The company seems an unlikely candidate for a massive federal government contract worth potentially hundreds of millions of dollars over the next five years.

Yet in February this year, Allied Care Group was one of eight organisations picked to roll out a controversial new eligibility testing regime for the 400,000 participants in the National Disability Insurance scheme.

The company’s contract will likely involve tens of thousands of assessments around the country — a huge undertaking for a firm with no apparent record of delivering major government projects.

But behind Allied Care Group’s humble facade stands an emerging giant of Australia’s disability support industry.

The company is in fact a subsidiary of Zenitas Healthcare, a disability and aged care juggernaut with almost 5,000 staff and more than $250 million in revenue last financial year.

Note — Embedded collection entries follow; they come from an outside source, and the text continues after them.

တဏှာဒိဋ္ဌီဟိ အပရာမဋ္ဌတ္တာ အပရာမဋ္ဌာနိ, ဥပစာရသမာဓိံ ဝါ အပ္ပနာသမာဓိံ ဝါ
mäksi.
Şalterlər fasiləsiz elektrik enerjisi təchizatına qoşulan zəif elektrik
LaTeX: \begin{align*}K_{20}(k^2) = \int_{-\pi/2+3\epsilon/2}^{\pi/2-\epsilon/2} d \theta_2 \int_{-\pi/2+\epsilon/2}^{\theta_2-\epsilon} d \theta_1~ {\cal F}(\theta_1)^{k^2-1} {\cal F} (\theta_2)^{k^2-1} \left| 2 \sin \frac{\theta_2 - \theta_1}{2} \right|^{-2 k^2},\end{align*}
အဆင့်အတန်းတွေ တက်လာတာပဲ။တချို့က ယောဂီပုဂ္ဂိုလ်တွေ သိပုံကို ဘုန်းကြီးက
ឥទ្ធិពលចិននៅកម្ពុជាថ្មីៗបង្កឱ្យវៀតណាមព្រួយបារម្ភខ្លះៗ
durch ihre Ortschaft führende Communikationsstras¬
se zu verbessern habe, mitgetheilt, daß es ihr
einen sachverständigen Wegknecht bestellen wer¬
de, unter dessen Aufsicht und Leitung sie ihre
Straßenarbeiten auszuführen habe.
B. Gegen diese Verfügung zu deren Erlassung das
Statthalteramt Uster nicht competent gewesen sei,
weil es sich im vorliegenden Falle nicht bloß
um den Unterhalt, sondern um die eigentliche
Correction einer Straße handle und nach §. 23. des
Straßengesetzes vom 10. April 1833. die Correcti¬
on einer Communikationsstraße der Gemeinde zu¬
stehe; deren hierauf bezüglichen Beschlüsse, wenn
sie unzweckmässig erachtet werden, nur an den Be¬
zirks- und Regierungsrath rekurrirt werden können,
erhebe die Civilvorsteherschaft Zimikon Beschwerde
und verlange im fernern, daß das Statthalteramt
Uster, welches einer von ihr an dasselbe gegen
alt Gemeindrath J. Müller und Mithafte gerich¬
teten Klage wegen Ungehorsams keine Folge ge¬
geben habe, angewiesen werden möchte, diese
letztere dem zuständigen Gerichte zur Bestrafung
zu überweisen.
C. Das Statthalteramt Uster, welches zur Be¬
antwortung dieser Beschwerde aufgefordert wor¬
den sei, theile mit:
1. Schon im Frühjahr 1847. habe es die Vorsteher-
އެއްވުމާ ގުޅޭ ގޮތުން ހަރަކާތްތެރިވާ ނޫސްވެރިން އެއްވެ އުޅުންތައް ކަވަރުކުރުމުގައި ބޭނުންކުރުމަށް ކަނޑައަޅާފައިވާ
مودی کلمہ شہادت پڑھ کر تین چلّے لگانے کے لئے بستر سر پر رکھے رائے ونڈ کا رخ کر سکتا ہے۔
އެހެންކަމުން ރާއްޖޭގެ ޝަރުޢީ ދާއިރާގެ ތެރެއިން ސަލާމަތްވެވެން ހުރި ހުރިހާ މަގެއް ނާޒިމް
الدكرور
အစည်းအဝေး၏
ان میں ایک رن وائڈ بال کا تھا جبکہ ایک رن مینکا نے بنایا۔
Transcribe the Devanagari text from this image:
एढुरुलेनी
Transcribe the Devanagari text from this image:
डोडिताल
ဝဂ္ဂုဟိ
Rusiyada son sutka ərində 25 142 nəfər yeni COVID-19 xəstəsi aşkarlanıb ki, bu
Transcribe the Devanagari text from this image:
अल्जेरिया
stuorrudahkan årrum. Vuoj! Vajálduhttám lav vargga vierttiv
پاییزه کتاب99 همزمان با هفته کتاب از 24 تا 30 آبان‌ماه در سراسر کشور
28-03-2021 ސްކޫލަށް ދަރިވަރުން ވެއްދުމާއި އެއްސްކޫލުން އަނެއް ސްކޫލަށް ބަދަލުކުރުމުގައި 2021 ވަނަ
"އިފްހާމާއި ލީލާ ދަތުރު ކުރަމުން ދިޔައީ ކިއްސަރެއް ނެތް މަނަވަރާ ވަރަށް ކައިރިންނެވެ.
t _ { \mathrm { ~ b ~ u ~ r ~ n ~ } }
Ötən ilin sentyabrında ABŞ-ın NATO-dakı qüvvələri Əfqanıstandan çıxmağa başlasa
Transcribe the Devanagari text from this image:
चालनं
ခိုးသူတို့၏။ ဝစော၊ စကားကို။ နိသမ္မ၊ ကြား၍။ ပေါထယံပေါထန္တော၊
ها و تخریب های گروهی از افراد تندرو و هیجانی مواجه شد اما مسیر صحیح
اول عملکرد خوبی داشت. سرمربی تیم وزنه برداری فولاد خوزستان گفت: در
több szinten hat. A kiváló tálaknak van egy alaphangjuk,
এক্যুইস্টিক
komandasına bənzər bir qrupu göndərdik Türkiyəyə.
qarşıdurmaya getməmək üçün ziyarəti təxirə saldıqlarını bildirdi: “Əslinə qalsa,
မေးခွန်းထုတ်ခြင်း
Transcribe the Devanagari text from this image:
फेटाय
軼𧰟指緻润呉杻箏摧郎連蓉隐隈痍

Its chief executive is Rob De Luca, a former head of the National Disability Insurance Agency (NDIA), the agency which runs the NDIS.

A man with dark hair who is dressed in a shoot smiles for the camera.
Zenitas CEO and former National Disability Insurance Agency CEO Rob De Luca.(Zenitas)

A major question is that given Zenitas Healthcare’s expertise in disability services, why did it decide to apply for the contract to provide so-called independent assessments through a subsidiary rather than directly?

It appears that by tendering through Allied Care Group, Zenitas has not been subject to strict conflict of interest rules designed to prevent existing NDIS providers from conducting independent assessments.

“The NDIA will not issue any work order or referral forms in respect of assessment services in areas whether the tenderer (or any of its subcontractors) is also … a registered NDIS provider,” last year’s request for tender from the NDIA reads.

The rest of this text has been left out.